Dodano: 27 stycznia 2013 03:46
JACKSON POŻEGNAŁ SIĘ Z UFC PORAŻKĄ, JOHNSON OBRONIŁ TYTUŁ
Redakcja, Informacja własna
Obraz własny
Quinton Jackson przegrał na punkty z Gloverem Teixeirą

Przed tym spotkaniem jedno było pewne - dla Quintona Jacksona (32-11) będzie to ostatni występ pod banderą UFC. Popularny "Rampage" nie zdołał jednak pożegnać się zwycięstwem, ulegając Gloverowi Teixeirze (20-2) na punkty.
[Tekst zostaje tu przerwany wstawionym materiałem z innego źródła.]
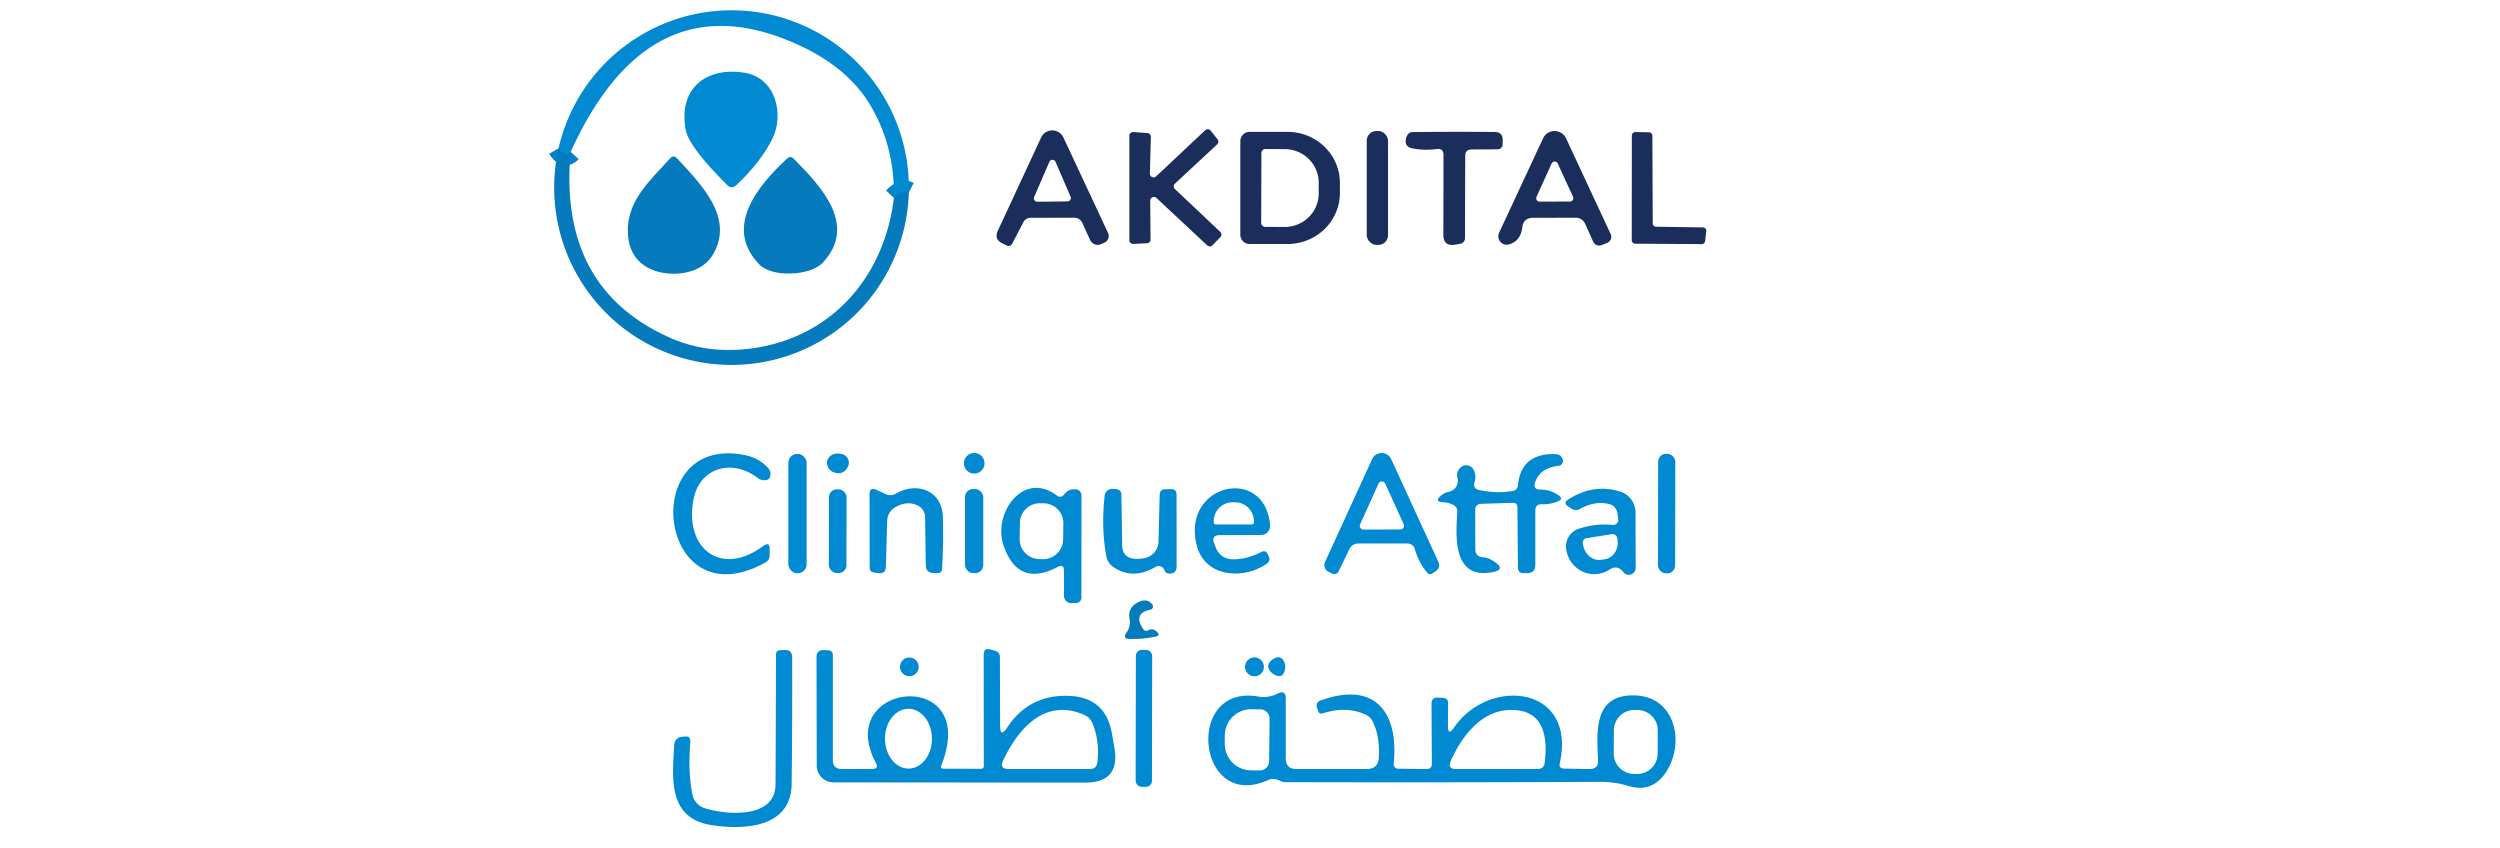 <svg xmlns="http://www.w3.org/2000/svg" viewBox="0.00 0.00 230.00 78.00"><g stroke-width="2.00" fill="none" stroke-linecap="butt"><path stroke="#0382c7" d="  M 83.61 17.71  Q 83.01 17.40 82.24 18.21"></path><path stroke="#0382c7" d="  M 52.50 13.97  Q 51.94 14.58 51.39 13.64"></path></g><path fill="#0189d1" d="  M 83.61 17.71  Q 83.01 17.40 82.24 18.21  Q 82.33 13.46 80.07 9.68  Q 78.04 6.29 73.69 4.24  Q 59.89 -2.25 52.50 13.97  Q 51.94 14.58 51.39 13.64  A 16.33 16.32 8.9 0 1 68.74 1.01  A 16.31 16.31 0.0 0 1 78.93 5.82  A 16.32 16.31 23.5 0 1 83.61 17.71  Z"></path><path fill="#0189d1" d="  M 71.04 12.80  Q 69.94 14.98 67.72 17.05  Q 67.32 17.42 66.92 17.04  Q 63.38 13.53 63.08 11.93  C 62.38 8.08 65.04 6.11 68.54 6.70  C 71.40 7.19 72.17 10.58 71.04 12.80  Z"></path><path fill="#1a2d5b" d="  M 94.15 20.44  L 93.12 22.42  A 0.38 0.37 -63.1 0 1 92.62 22.59  L 92.20 22.38  Q 91.44 22.00 91.80 21.23  L 95.79 12.64  A 1.13 1.13 0.0 0 1 97.83 12.64  L 101.94 21.43  A 0.67 0.67 0.0 0 1 101.61 22.32  L 101.31 22.46  A 0.78 0.77 65.9 0 1 100.28 22.06  L 99.59 20.54  Q 99.36 20.03 98.80 20.03  L 94.81 20.04  A 0.75 0.74 -76.1 0 0 94.15 20.44  Z  M 95.14 18.13  A 0.31 0.31 0.0 0 0 95.43 18.56  L 98.21 18.53  A 0.31 0.31 0.0 0 0 98.49 18.09  L 97.11 14.89  A 0.31 0.31 0.0 0 0 96.54 14.89  L 95.14 18.13  Z"></path><path fill="#1a2d5b" d="  M 105.82 18.46  L 105.85 22.03  A 0.34 0.34 0.0 0 1 105.52 22.38  L 104.26 22.44  A 0.34 0.34 0.0 0 1 103.90 22.10  L 103.90 12.49  A 0.34 0.34 0.0 0 1 104.26 12.15  L 105.56 12.24  A 0.34 0.34 0.0 0 1 105.88 12.59  L 105.79 15.97  A 0.34 0.34 0.0 0 0 106.36 16.23  L 110.88 11.98  A 0.34 0.34 0.0 0 1 111.38 12.02  L 112.02 12.82  A 0.34 0.34 0.0 0 1 111.98 13.28  L 108.10 16.89  A 0.34 0.34 0.0 0 0 108.09 17.39  L 112.26 21.33  A 0.34 0.34 0.0 0 1 112.27 21.82  L 111.54 22.57  A 0.34 0.34 0.0 0 1 111.07 22.58  L 106.39 18.21  A 0.34 0.34 0.0 0 0 105.82 18.46  Z"></path><path fill="#1a2d5b" d="  M 114.11 12.99  A 0.86 0.86 0.0 0 1 114.97 12.13  L 118.45 12.13  A 4.82 4.69 -0.0 0 1 123.27 16.82  L 123.27 17.76  A 4.82 4.69 -0.0 0 1 118.45 22.45  L 114.97 22.45  A 0.86 0.86 0.0 0 1 114.11 21.59  L 114.11 12.99  Z  M 116.05 14.08  L 116.03 20.50  A 0.37 0.37 0.0 0 0 116.40 20.87  L 118.18 20.88  A 3.13 3.08 0.2 0 0 121.32 17.81  L 121.32 16.81  A 3.13 3.08 0.2 0 0 118.20 13.72  L 116.42 13.71  A 0.37 0.37 0.0 0 0 116.05 14.08  Z"></path><rect fill="#1a2d5b" x="125.74" y="12.05" width="1.96" height="10.48" rx="0.89"></rect><path fill="#1a2d5b" d="  M 134.80 14.35  L 134.78 21.92  A 0.52 0.52 0.0 0 1 134.34 22.43  L 133.86 22.51  Q 132.79 22.68 132.79 21.61  L 132.80 14.26  Q 132.80 13.63 132.18 13.71  Q 131.00 13.87 129.90 13.64  Q 129.25 13.51 129.33 12.85  Q 129.36 12.58 129.53 12.36  Q 129.70 12.15 129.97 12.15  Q 133.75 12.11 137.52 12.14  Q 138.25 12.15 138.25 12.89  L 138.24 13.22  Q 138.24 13.74 137.71 13.74  L 135.40 13.75  Q 134.80 13.75 134.80 14.35  Z"></path><path fill="#1a2d5b" d="  M 140.05 20.92  Q 139.90 22.17 138.84 22.48  A 0.77 0.77 0.0 0 1 137.92 21.41  L 141.96 12.73  A 1.17 1.17 0.0 0 1 144.08 12.73  L 148.18 21.53  A 0.60 0.60 0.0 0 1 147.87 22.34  L 147.45 22.51  Q 146.81 22.78 146.53 22.14  L 145.84 20.60  A 0.95 0.95 0.0 0 0 144.97 20.03  L 141.04 20.04  Q 140.16 20.04 140.05 20.92  Z  M 141.36 18.11  A 0.31 0.31 0.0 0 0 141.65 18.55  L 144.44 18.54  A 0.31 0.31 0.0 0 0 144.72 18.10  L 143.31 15.04  A 0.31 0.31 0.0 0 0 142.75 15.04  L 141.36 18.11  Z"></path><path fill="#1a2d5b" d="  M 152.37 20.86  L 156.66 20.92  A 0.32 0.32 0.0 0 1 156.98 21.27  L 156.87 22.18  A 0.32 0.32 0.0 0 1 156.55 22.46  L 150.44 22.42  A 0.32 0.32 0.0 0 1 150.12 22.10  L 150.13 12.47  A 0.32 0.32 0.0 0 1 150.45 12.15  L 151.70 12.17  A 0.32 0.32 0.0 0 1 152.02 12.49  L 152.05 20.54  A 0.32 0.32 0.0 0 0 152.37 20.86  Z"></path><path fill="#057abc" d="  M 51.39 13.64  Q 51.94 14.58 52.50 13.97  Q 51.35 26.56 61.73 31.11  Q 64.83 32.47 68.48 32.13  C 76.08 31.42 81.31 25.84 82.24 18.21  Q 83.01 17.40 83.61 17.71  A 16.35 16.34 69.0 0 1 78.56 29.07  A 16.32 16.31 -66.2 0 1 66.99 33.57  A 16.29 16.28 71.5 0 1 54.45 27.31  A 16.32 16.31 32.4 0 1 51.39 13.64  Z"></path><path fill="#057abc" d="  M 69.88 24.35  C 66.54 20.94 69.68 17.12 72.41 14.59  Q 72.73 14.30 73.03 14.61  C 75.49 17.11 78.96 20.70 75.68 24.18  C 74.55 25.38 71.05 25.55 69.88 24.35  Z"></path><path fill="#057abc" d="  M 57.77 20.85  C 57.92 18.21 60.01 16.40 61.64 14.58  Q 61.96 14.22 62.29 14.57  C 64.38 16.84 67.72 20.07 65.51 23.55  C 64.32 25.42 61.23 25.57 59.53 24.59  Q 57.63 23.49 57.77 20.85  Z"></path><path fill="#0189d1" d="  M 63.79 46.00  C 62.97 50.51 66.36 53.10 70.22 50.23  Q 70.82 49.79 70.81 50.53  L 70.81 51.09  Q 70.81 51.53 70.43 51.74  C 60.52 57.27 58.55 39.91 68.49 41.86  Q 69.82 42.12 70.66 43.05  Q 71.00 43.42 70.83 43.91  Q 70.76 44.12 70.48 44.17  Q 70.05 44.24 69.70 43.97  C 67.41 42.19 64.34 42.96 63.79 46.00  Z"></path><rect fill="#0189d1" x="72.53" y="41.76" width="1.68" height="10.98" rx="0.81"></rect><path fill="#0189d1" d="  M 76.90 41.74  Q 77.21 41.70 77.49 41.78  A 0.82 0.82 0.0 0 1 78.02 42.91  Q 77.66 43.69 76.82 43.49  Q 76.38 43.38 76.18 42.98  Q 75.93 42.48 76.29 42.06  Q 76.52 41.79 76.90 41.74  Z"></path><circle fill="#0189d1" cx="89.63" cy="42.62" r="0.95"></circle><path fill="#0189d1" d="  M 129.49 50.00  L 125.01 50.00  Q 124.39 50.00 124.12 50.56  L 123.15 52.57  A 0.42 0.42 0.0 0 1 122.58 52.77  L 122.25 52.62  A 0.70 0.69 -65.3 0 1 121.91 51.69  L 126.24 42.23  A 0.97 0.96 45.1 0 1 127.99 42.24  L 132.32 51.67  Q 132.57 52.21 132.08 52.55  L 131.77 52.76  A 0.34 0.34 0.0 0 1 131.31 52.69  Q 130.50 51.72 130.16 50.50  A 0.70 0.70 0.0 0 0 129.49 50.00  Z  M 125.13 48.24  A 0.34 0.34 0.0 0 0 125.44 48.72  L 128.83 48.71  A 0.34 0.34 0.0 0 0 129.14 48.23  L 127.44 44.49  A 0.34 0.34 0.0 0 0 126.82 44.50  L 125.13 48.24  Z"></path><path fill="#0189d1" d="  M 135.72 46.95  L 135.73 50.51  Q 135.73 51.23 136.45 51.27  Q 136.84 51.30 137.16 51.48  Q 138.94 52.49 136.90 52.70  C 133.58 53.05 133.96 49.06 134.07 47.10  Q 134.10 46.64 133.68 46.44  Q 133.25 46.22 132.76 46.21  Q 131.92 46.18 132.54 45.62  Q 132.86 45.33 133.30 45.24  A 1.02 1.02 0.0 0 0 134.09 43.98  Q 133.93 43.36 134.44 42.96  A 0.75 0.74 55.4 0 1 135.54 43.17  Q 135.86 43.72 135.67 44.32  Q 135.46 44.96 136.11 45.09  Q 137.75 45.42 139.16 45.17  Q 139.61 45.09 139.65 44.64  Q 139.95 41.67 143.11 41.78  Q 143.69 41.80 143.79 42.37  Q 143.81 42.53 143.71 42.67  Q 143.60 42.83 143.42 42.85  Q 141.67 43.04 141.23 44.38  Q 141.01 45.04 141.71 45.04  Q 142.60 45.03 143.38 45.56  Q 143.88 45.90 143.32 46.13  Q 142.60 46.42 141.85 46.39  Q 141.25 46.37 141.25 46.98  L 141.25 51.98  Q 141.25 52.71 140.52 52.73  L 140.19 52.73  Q 139.65 52.74 139.65 52.21  L 139.60 46.68  Q 139.60 46.25 139.18 46.26  L 136.30 46.35  Q 135.72 46.36 135.72 46.95  Z"></path><rect fill="#0189d1" x="-0.79" y="-5.50" transform="translate(153.33,47.25) rotate(0.1)" width="1.58" height="11.00" rx="0.73"></rect><rect fill="#0189d1" x="-0.81" y="-3.85" transform="translate(77.07,48.87) rotate(0.1)" width="1.62" height="7.70" rx="0.72"></rect><path fill="#0189d1" d="  M 81.62 47.96  L 81.50 52.15  Q 81.48 52.79 80.85 52.73  L 80.45 52.68  Q 80.01 52.64 80.01 52.20  L 80.00 45.51  Q 79.99 44.75 80.68 45.08  L 81.48 45.46  A 0.99 0.97 42.1 0 0 82.41 45.42  C 84.29 44.31 86.66 45.07 86.74 47.53  Q 86.81 50.02 86.67 52.32  Q 86.65 52.73 86.24 52.72  L 85.90 52.72  Q 85.18 52.70 85.17 51.99  L 85.11 47.57  A 1.20 1.18 -78.4 0 0 84.42 46.50  Q 83.49 46.06 82.46 46.61  Q 81.65 47.04 81.62 47.96  Z"></path><rect fill="#0189d1" x="88.78" y="44.99" width="1.68" height="7.74" rx="0.74"></rect><path fill="#0189d1" d="  M 97.33 52.15  Q 93.65 54.09 92.32 50.16  C 91.33 47.23 94.13 43.28 97.21 45.57  Q 97.61 45.87 97.91 45.48  Q 98.27 45.01 98.83 45.01  Q 99.50 45.00 99.50 45.68  L 99.49 54.99  A 0.50 0.49 -1.2 0 1 99.01 55.48  L 98.58 55.49  A 0.67 0.66 -0.8 0 1 97.89 54.83  L 97.88 52.49  Q 97.88 51.87 97.33 52.15  Z  M 97.831 48.161  A 1.83 1.83 0.0 0 0 96.03 46.303  L 95.69 46.298  A 1.83 1.83 0.0 0 0 93.832 48.099  L 93.809 49.578  A 1.83 1.83 0.0 0 0 95.61 51.437  L 95.95 51.442  A 1.83 1.83 0.0 0 0 97.808 49.641  L 97.831 48.161  Z"></path><path fill="#0189d1" d="  M 106.31 52.15  Q 104.25 53.38 102.46 52.19  A 1.55 1.53 -79.0 0 1 101.78 51.17  Q 101.30 48.55 101.63 45.58  A 0.69 0.69 0.0 0 1 102.38 44.98  Q 102.52 44.99 102.67 45.00  Q 103.17 45.04 103.17 45.54  L 103.24 50.15  Q 103.26 51.36 104.47 51.41  Q 105.03 51.44 105.50 51.29  A 1.56 1.55 -8.4 0 0 106.58 49.84  L 106.69 45.53  Q 106.70 45.01 107.22 45.01  L 107.75 45.00  Q 108.24 45.00 108.24 45.50  L 108.25 52.09  Q 108.25 52.81 107.53 52.77  Q 107.24 52.75 107.12 52.44  A 0.56 0.56 0.0 0 0 106.31 52.15  Z"></path><path fill="#0189d1" d="  M 112.24 49.23  Q 111.40 49.23 111.71 50.01  L 111.87 50.42  A 1.62 1.62 0.0 0 0 113.30 51.45  Q 114.65 51.51 116.08 50.76  A 0.40 0.39 -24.8 0 1 116.62 50.95  L 116.74 51.22  A 0.51 0.51 0.0 0 1 116.57 51.84  C 114.41 53.37 110.82 53.13 110.09 50.13  C 108.71 44.51 116.35 42.76 116.85 48.31  A 0.84 0.84 0.0 0 1 116.02 49.22  L 112.24 49.23  Z  M 111.85 48.25  L 115.17 48.25  A 0.19 0.19 0.0 0 0 115.36 48.06  L 115.36 47.97  A 1.76 1.73 89.9 0 0 113.63 46.21  L 113.39 46.21  A 1.76 1.73 89.9 0 0 111.66 47.97  L 111.66 48.06  A 0.19 0.19 0.0 0 0 111.85 48.25  Z"></path><path fill="#0189d1" d="  M 148.88 47.77  L 148.81 47.23  A 1.02 1.01 -87.2 0 0 148.04 46.37  Q 146.71 46.06 145.36 46.82  A 0.75 0.75 0.0 0 1 144.55 46.78  L 144.22 46.55  Q 143.82 46.26 144.24 45.98  Q 146.58 44.45 149.06 45.23  A 2.03 2.01 -81.5 0 1 150.47 47.15  L 150.48 52.25  A 0.63 0.62 -64.0 0 1 149.36 52.64  Q 148.80 51.93 148.08 52.40  C 146.37 53.49 144.29 52.35 144.08 50.45  A 1.71 1.70 -12.5 0 1 145.23 48.65  Q 146.76 48.14 148.38 48.29  A 0.46 0.46 0.0 0 0 148.88 47.77  Z  M 148.30 49.14  L 145.97 49.51  A 0.42 0.42 0.0 0 0 145.62 49.99  L 145.65 50.15  A 1.60 1.43 80.9 0 0 147.31 51.50  L 147.65 51.45  A 1.60 1.43 80.9 0 0 148.81 49.64  L 148.78 49.49  A 0.42 0.42 0.0 0 0 148.30 49.14  Z"></path><path fill="#057abc" d="  M 105.19 57.90  A 0.32 0.32 0.0 0 0 105.60 58.00  Q 106.05 57.76 106.43 58.11  Q 106.80 58.46 106.30 58.57  Q 105.12 58.82 103.90 58.78  Q 103.25 58.75 103.62 58.23  Q 104.07 57.60 103.91 56.86  A 1.24 1.24 0.0 0 1 104.41 55.59  Q 105.40 54.89 106.00 55.59  A 0.31 0.30 63.9 0 1 105.83 56.09  Q 104.20 56.42 105.19 57.90  Z"></path><path fill="#0189d1" d="  M 64.82 74.35  C 66.83 74.99 71.34 75.35 71.35 72.16  Q 71.38 65.89 71.39 60.19  A 0.38 0.37 89.2 0 1 71.74 59.82  L 72.14 59.80  Q 72.88 59.75 72.88 60.50  Q 72.90 66.93 72.83 72.16  C 72.77 76.16 68.45 76.38 65.47 75.91  C 61.40 75.28 61.86 71.56 62.03 68.50  A 0.75 0.75 0.0 0 1 62.70 67.79  L 62.99 67.76  Q 63.56 67.70 63.51 68.27  Q 63.28 71.10 63.71 73.11  A 1.66 1.64 3.5 0 0 64.82 74.35  Z"></path><path fill="#0189d1" d="  M 92.65 66.95  Q 94.67 63.89 98.32 64.02  Q 101.69 64.13 102.29 67.45  Q 102.45 68.35 102.52 68.76  Q 103.10 72.01 99.81 72.00  L 76.69 71.98  A 1.55 1.55 0.0 0 1 75.14 70.44  L 75.12 60.47  Q 75.12 59.79 75.80 59.81  L 76.23 59.83  A 0.40 0.40 0.0 0 1 76.62 60.23  L 76.62 69.92  Q 76.62 70.75 77.45 70.75  L 80.25 70.74  Q 80.87 70.74 80.58 70.19  C 76.60 62.71 90.24 61.28 86.60 70.41  Q 86.47 70.72 86.81 70.72  L 90.26 70.73  A 0.24 0.24 0.0 0 0 90.51 70.49  L 90.50 60.25  Q 90.50 59.56 91.16 59.76  L 91.55 59.87  Q 91.99 60.00 91.99 60.46  L 92.01 66.76  Q 92.01 67.91 92.65 66.95  Z  M 83.594 70.71  A 2.75 2.16 89.7 0 0 85.74 67.949  A 2.75 2.16 89.7 0 0 83.566 65.21  A 2.75 2.16 89.7 0 0 81.42 67.971  A 2.75 2.16 89.7 0 0 83.594 70.71  Z  M 92.29 69.96  Q 91.92 70.75 92.79 70.75  L 100.25 70.75  Q 100.88 70.75 100.96 70.13  Q 101.19 68.18 100.50 66.53  Q 100.28 66.01 99.77 65.78  C 96.14 64.17 93.69 67.01 92.29 69.96  Z"></path><rect fill="#0189d1" x="-0.75" y="-6.30" transform="translate(105.24,66.09) rotate(0.1)" width="1.50" height="12.60" rx="0.55"></rect><circle fill="#0189d1" cx="83.66" cy="61.35" r="0.86"></circle><circle fill="#0189d1" cx="115.41" cy="61.35" r="0.87"></circle><path fill="#0189d1" d="  M 117.40 60.50  A 0.55 0.54 63.7 0 1 118.06 60.73  Q 118.36 61.22 118.17 61.77  Q 117.98 62.36 117.40 62.14  Q 117.02 61.99 116.80 61.67  A 0.63 0.63 0.0 0 1 116.86 60.86  Q 117.10 60.62 117.40 60.50  Z"></path><path fill="#0189d1" d="  M 133.77 66.93  C 137.03 62.22 145.07 63.10 143.50 70.20  Q 143.39 70.70 143.90 70.71  L 146.24 70.75  Q 147.05 70.76 147.02 69.95  C 146.90 67.30 146.58 63.82 150.48 63.98  C 153.91 64.12 154.92 67.85 153.57 70.52  Q 152.28 73.04 149.83 72.31  Q 148.53 71.92 147.20 71.93  Q 133.02 72.00 118.27 71.96  A 1.12 1.06 -29.4 0 1 117.75 71.83  Q 117.54 71.72 117.31 71.68  Q 116.96 71.63 116.67 71.76  C 110.13 74.74 108.93 62.91 115.74 64.08  Q 116.69 64.24 117.54 63.81  Q 118.29 63.43 118.29 64.27  L 118.29 69.77  Q 118.29 70.75 119.27 70.75  L 125.74 70.75  Q 126.79 70.75 126.85 69.69  Q 126.96 67.70 126.27 66.34  Q 126.05 65.93 125.63 65.74  Q 123.84 64.93 121.69 65.63  Q 121.38 65.73 121.27 65.41  L 121.15 65.05  A 0.47 0.46 71.2 0 1 121.43 64.47  C 126.51 62.59 128.70 65.54 128.22 70.27  A 0.41 0.41 0.0 0 0 128.63 70.72  L 131.24 70.75  Q 131.73 70.75 131.73 70.26  L 131.70 64.73  Q 131.70 64.16 132.27 64.18  L 132.73 64.20  Q 133.24 64.22 133.23 64.73  L 133.21 66.76  Q 133.20 67.76 133.77 66.93  Z  M 116.76 70.04  L 116.80 66.12  A 0.85 0.85 0.0 0 0 115.96 65.26  L 115.12 65.25  A 2.43 2.41 -89.4 0 0 112.68 67.66  L 112.68 68.42  A 2.43 2.41 -89.4 0 0 115.06 70.87  L 115.90 70.88  A 0.85 0.85 0.0 0 0 116.76 70.04  Z  M 133.48 69.98  Q 133.13 70.75 133.97 70.75  L 141.45 70.75  Q 142.04 70.75 142.11 70.17  C 142.35 68.28 142.23 65.79 139.83 65.38  C 136.71 64.86 134.63 67.42 133.48 69.98  Z  M 152.516 67.201  A 1.87 1.87 0.0 0 0 150.655 65.321  L 150.355 65.319  A 1.87 1.87 0.0 0 0 148.476 67.179  L 148.464 69.319  A 1.87 1.87 0.0 0 0 150.325 71.199  L 150.625 71.201  A 1.87 1.87 0.0 0 0 152.504 69.341  L 152.516 67.201  Z"></path></svg>

Przy okazji warto zaznaczyć, iż dla Brazylijczyka była to już osiemnasta wygrana z rzędu!Lepiej wyszkolony boksersko Teixeira zaczął wszystko lewym prostym, natomiast znany z filmu "Drużyna A" Jackson strzelał pojedynczymi, dość obszernymi sierpami. Glover po minucie markując uderzenie wszedł w nogi rywala, sprowadzając go do parteru. Quinton po kilkudziesięciu sekundach zdołał się podnieść i natychmiast rzucał kolejne bomby. Sam się jednak nadział pod koniec czwartej minuty na krótki, lewy sierpowy oponenta i wylądował na macie. Na swoje szczęście nie był mocno zamroczony i zdołał wyjść również z tej opresji.Teixeira drugie starcie zaczął również od obalenia, lecz i tym razem Jackson korzystając z siatki, opierając się o nią plecami, zdołał powrócić do wymiany ciosów w stójce. Trafił nawet w zwarciu groźnym prawym podbródkiem, jednak w końcówce tej rundy widać u niego już było wyraźnie oznaki zmęczenia. Trzecia odsłona była już jednostronna i w ostatniej minucie potyczki "Rampage" walczył już praktycznie tylko o to, by nie przegrać przed czasem.Po ostatnim gongu sędziowie zgodnie wytypowali zwycięstwo Teixeiry w stosunku 30:27, 30:27 oraz 29:28.

W głównej potyczce wieczoru "UFC on Fox 6" Demetrious Johnson (17-2-1) zachował tytuł mistrzowski kategorii muszej, odprawiając w pierwszej obronie Johna Dodsona (14-6). Po pięciu rundach pełnych akcji sędziowie typowali jego przewagę 49:46 i dwukrotnie 48:47.- To była świetna walka i cieszę się, że również tak bardzo spodobałą się kibicom. Mój rywal trafił mnie kilka razy naprawdę mocno, ale jako iż byłem solidnie przygotowany do tego pojedynku, to szybko potrafiłem dojść do siebie - mówił po ogłoszeniu werdyktu uradowany champion.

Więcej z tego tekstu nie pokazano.